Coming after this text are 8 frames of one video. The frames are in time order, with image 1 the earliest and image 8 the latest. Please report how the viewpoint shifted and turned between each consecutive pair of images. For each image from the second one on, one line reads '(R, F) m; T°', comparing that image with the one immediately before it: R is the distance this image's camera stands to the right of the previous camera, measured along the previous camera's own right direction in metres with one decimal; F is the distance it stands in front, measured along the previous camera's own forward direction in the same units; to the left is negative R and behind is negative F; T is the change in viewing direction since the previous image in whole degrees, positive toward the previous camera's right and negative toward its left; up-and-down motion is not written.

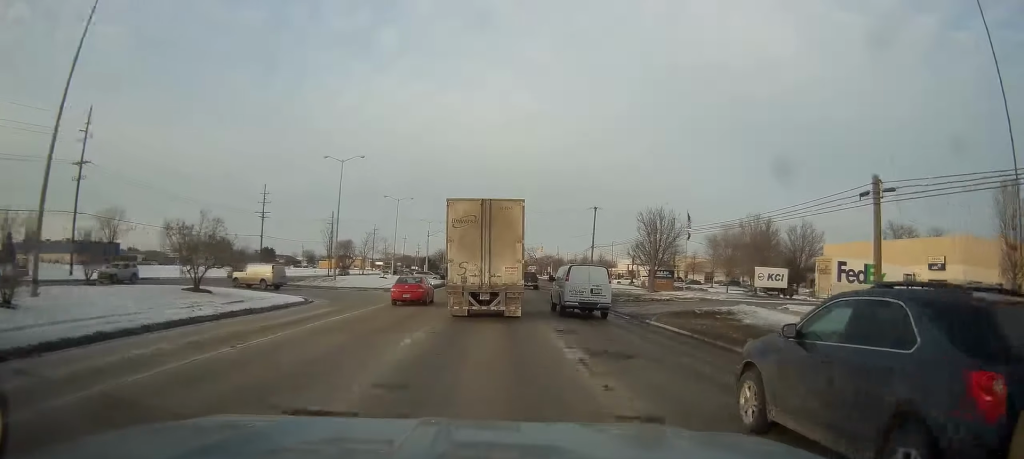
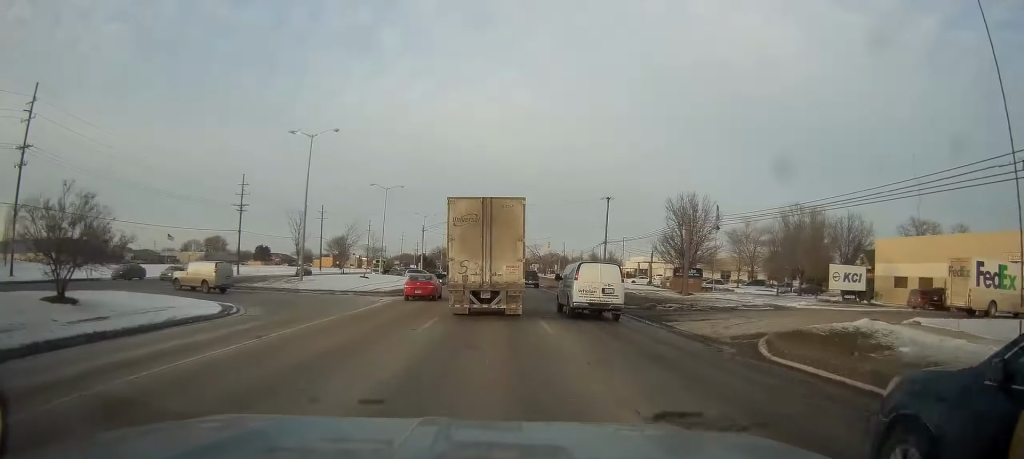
(-0.5, +10.8) m; 0°
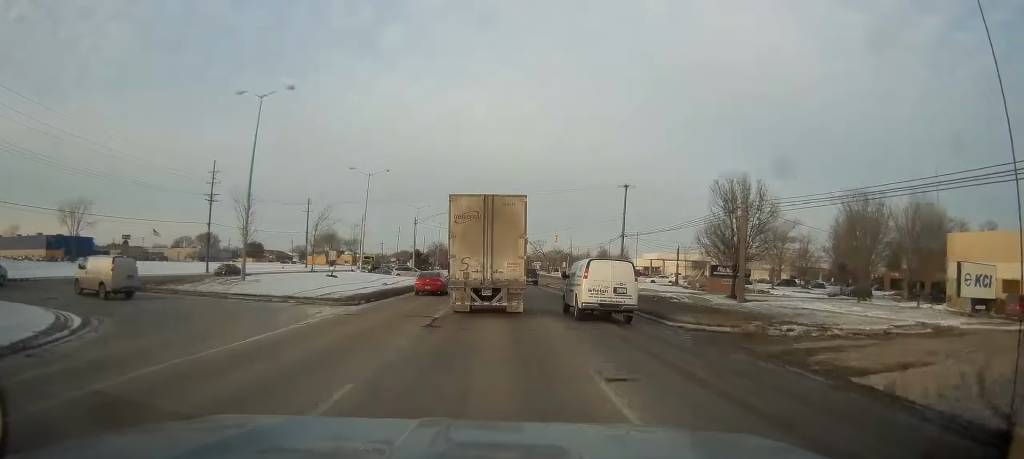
(+0.5, +12.1) m; +2°
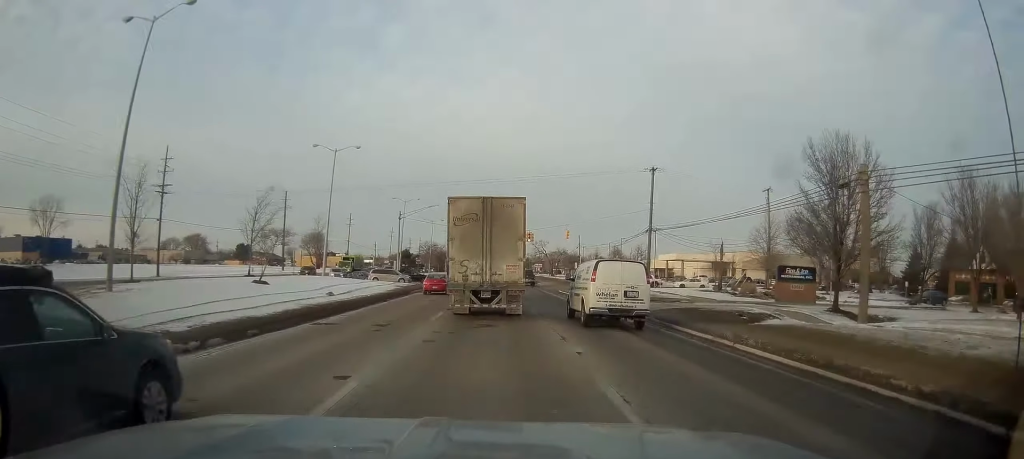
(+0.2, +14.9) m; -1°
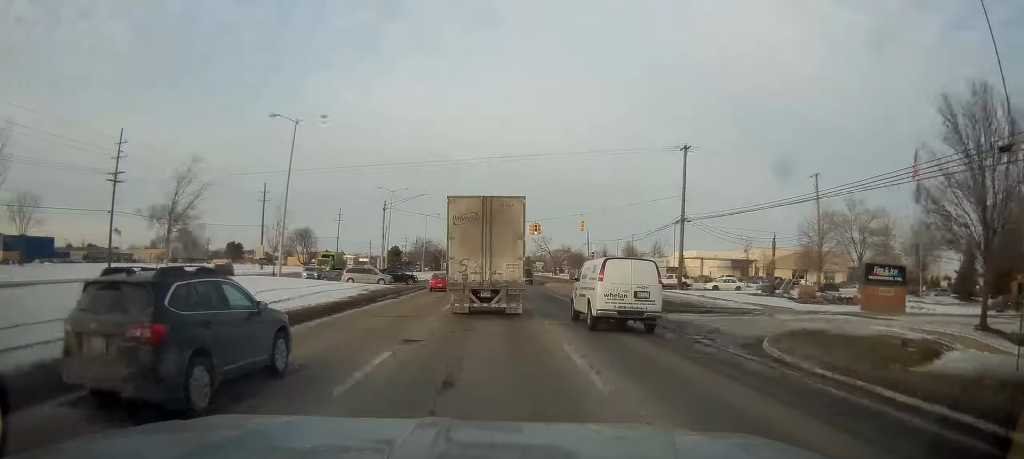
(-0.2, +11.8) m; -1°
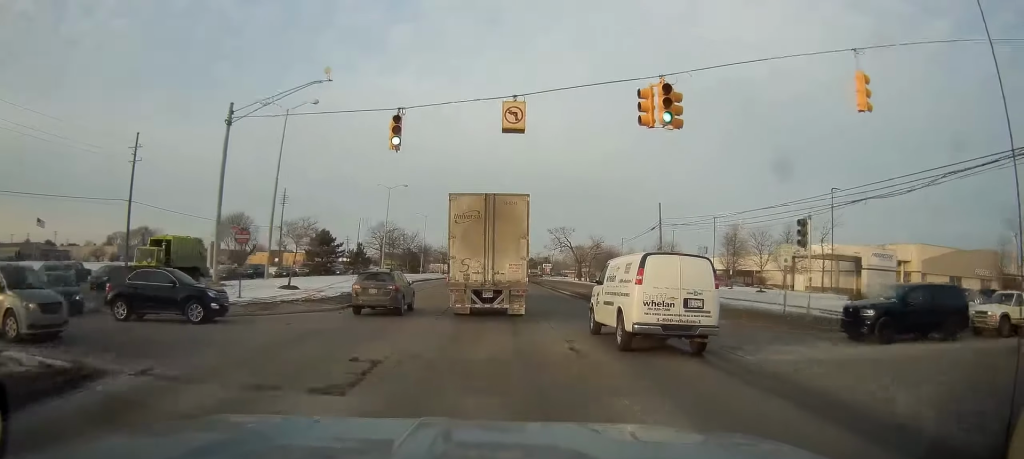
(-0.3, +46.1) m; 0°
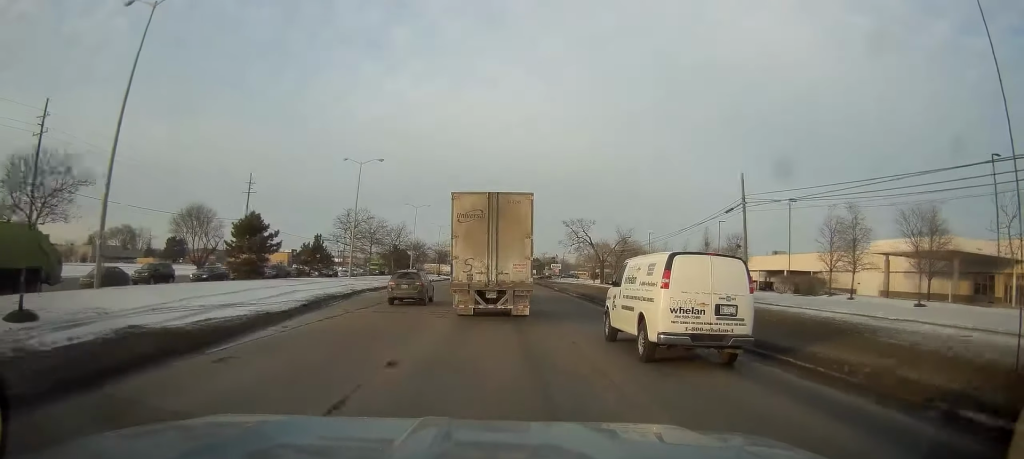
(+0.3, +19.9) m; -1°
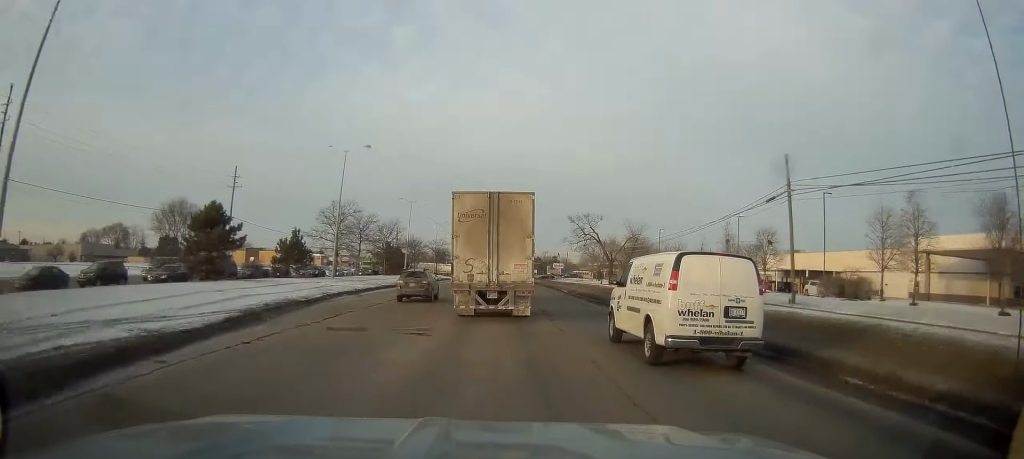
(-0.2, +6.7) m; -1°

What to do
Omit the pictures, then copy out all the data exactly as it stands.

Your response
Coming after this text are 8 frames of one video. The frames are in time order, with image 1 the earliest and image 8 the latest. Please report how the viewpoint shifted and turned between each consecutive pair of images. For each image from the second one on, one line reads '(R, F) m; T°', comparing that image with the one immediately before it: R is the distance this image's camera stands to the right of the previous camera, measured along the previous camera's own right direction in metres with one decimal; F is the distance it stands in front, measured along the previous camera's own forward direction in the same units; to the left is negative R and behind is negative F; T is the change in viewing direction since the previous image in whole degrees, positive toward the previous camera's right and negative toward its left; up-and-down motion is not written.

(-0.5, +10.8) m; 0°
(+0.5, +12.1) m; +2°
(+0.2, +14.9) m; -1°
(-0.2, +11.8) m; -1°
(-0.3, +46.1) m; 0°
(+0.3, +19.9) m; -1°
(-0.2, +6.7) m; -1°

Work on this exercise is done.